# [What you should do]
With pictures left out, only the lines from the one containing "4.2 s after image 1." through the end of the records should be reproduced exactly, please.

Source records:
┌──

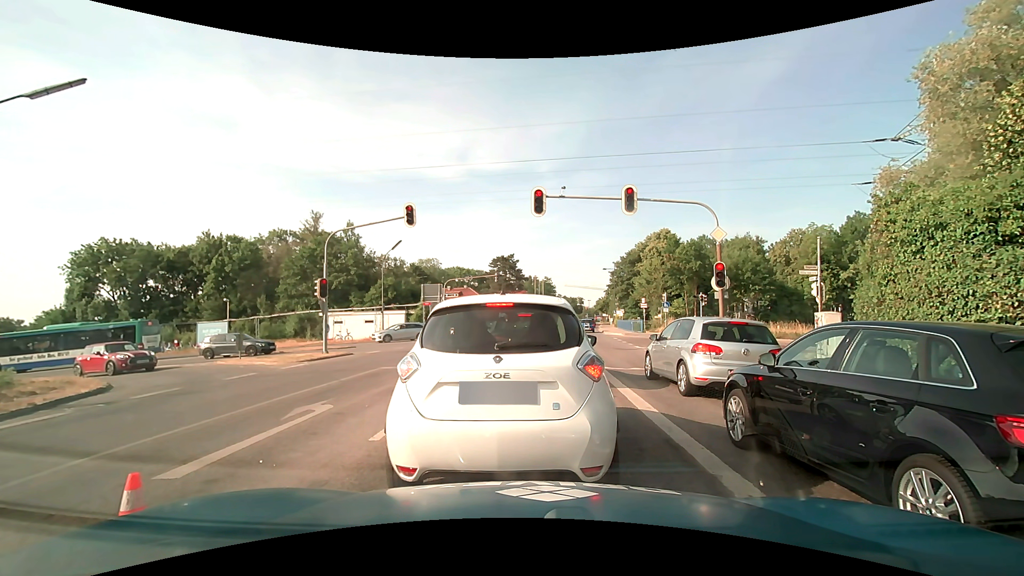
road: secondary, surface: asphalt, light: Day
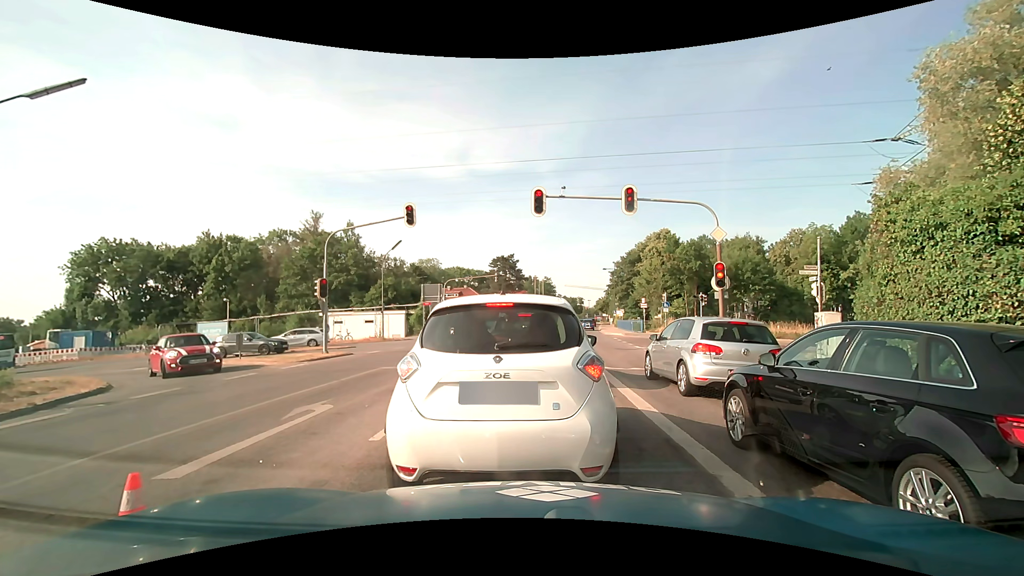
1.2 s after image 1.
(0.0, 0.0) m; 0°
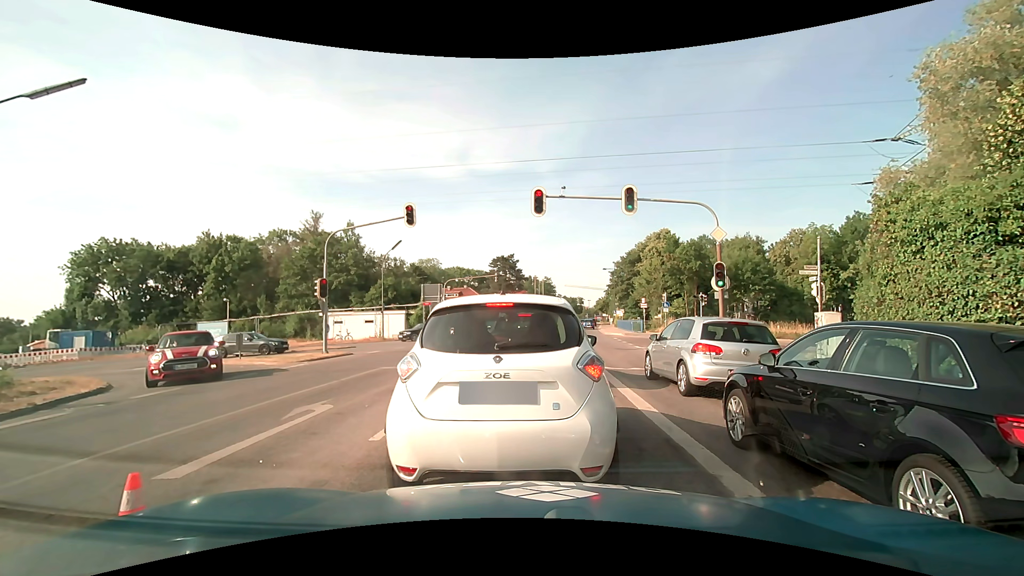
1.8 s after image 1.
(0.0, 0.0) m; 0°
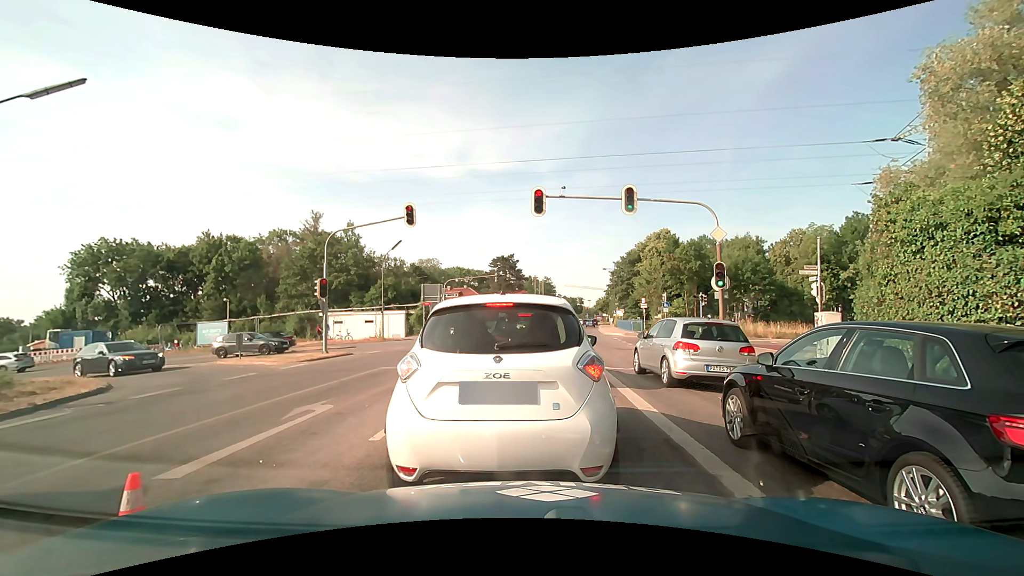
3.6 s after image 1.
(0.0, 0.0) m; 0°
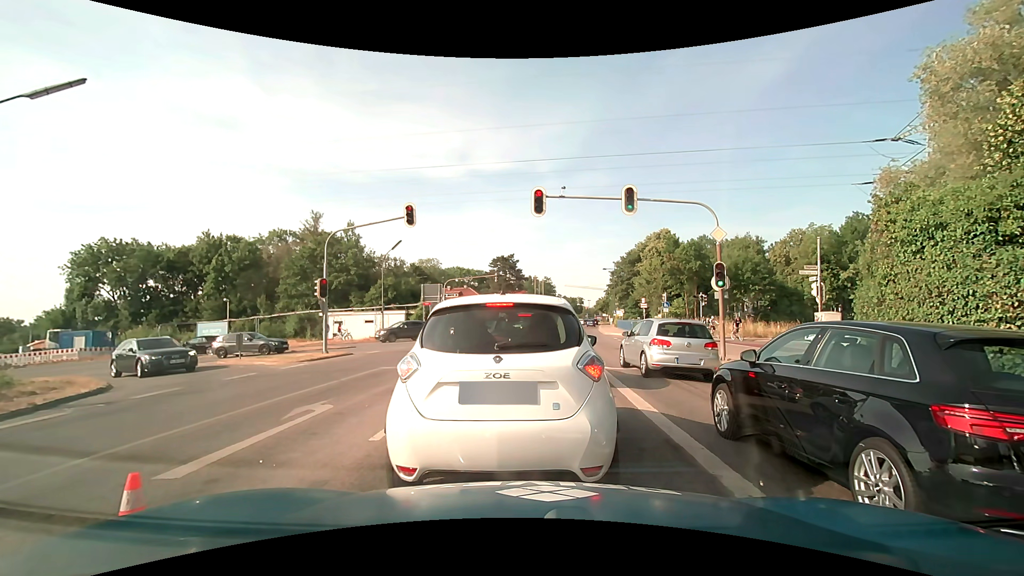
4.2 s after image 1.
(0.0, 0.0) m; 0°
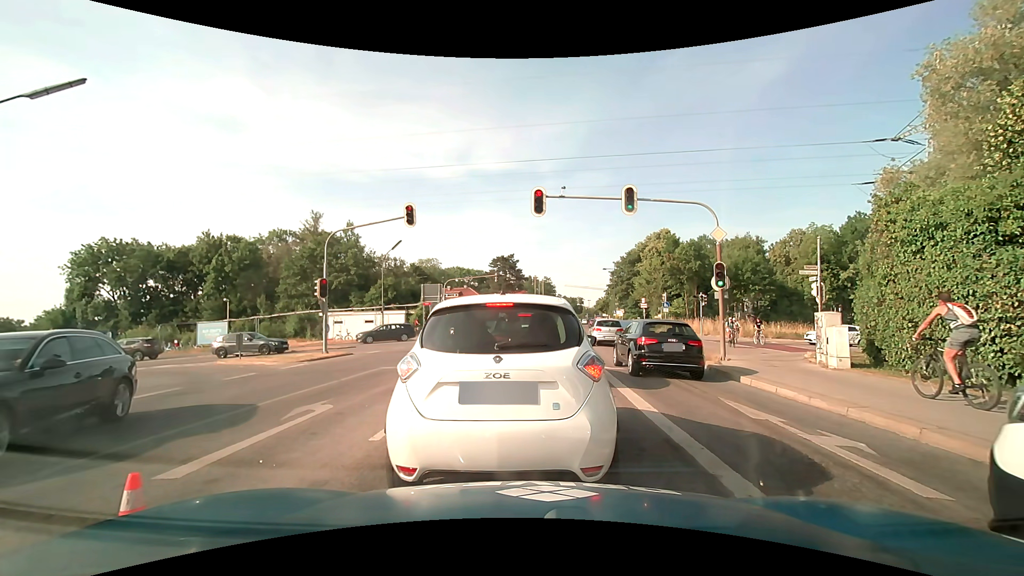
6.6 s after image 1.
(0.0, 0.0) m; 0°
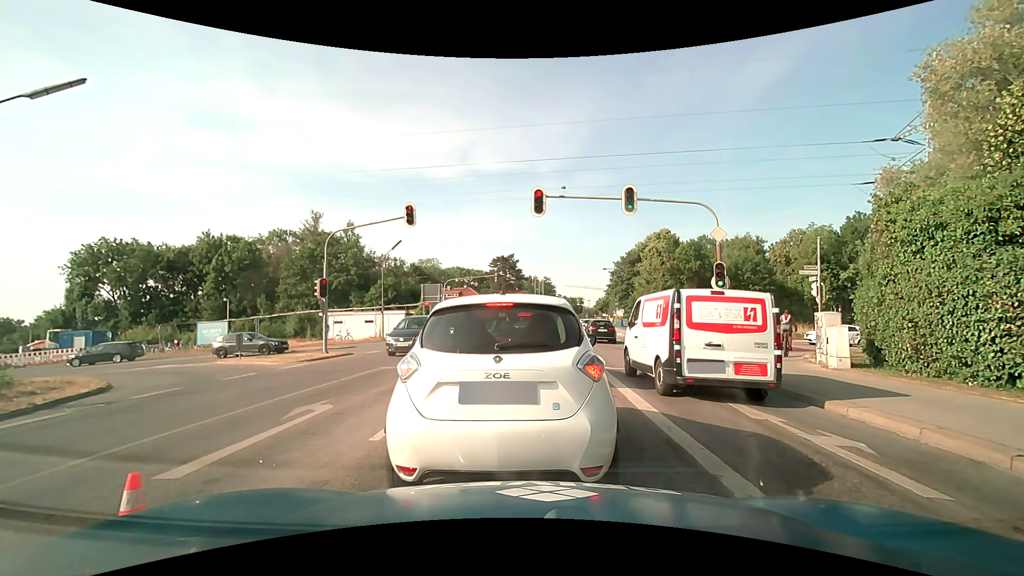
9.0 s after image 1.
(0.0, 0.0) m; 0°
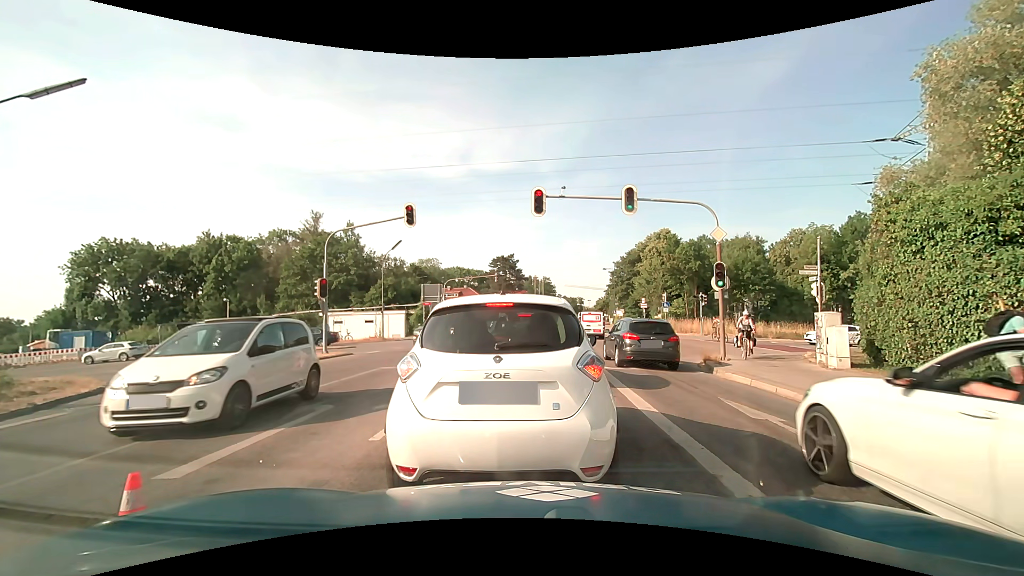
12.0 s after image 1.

└──

# [Problem solution]
4.2 s after image 1.
(0.0, 0.0) m; 0°
6.6 s after image 1.
(0.0, 0.0) m; 0°
9.0 s after image 1.
(0.0, 0.0) m; 0°
12.0 s after image 1.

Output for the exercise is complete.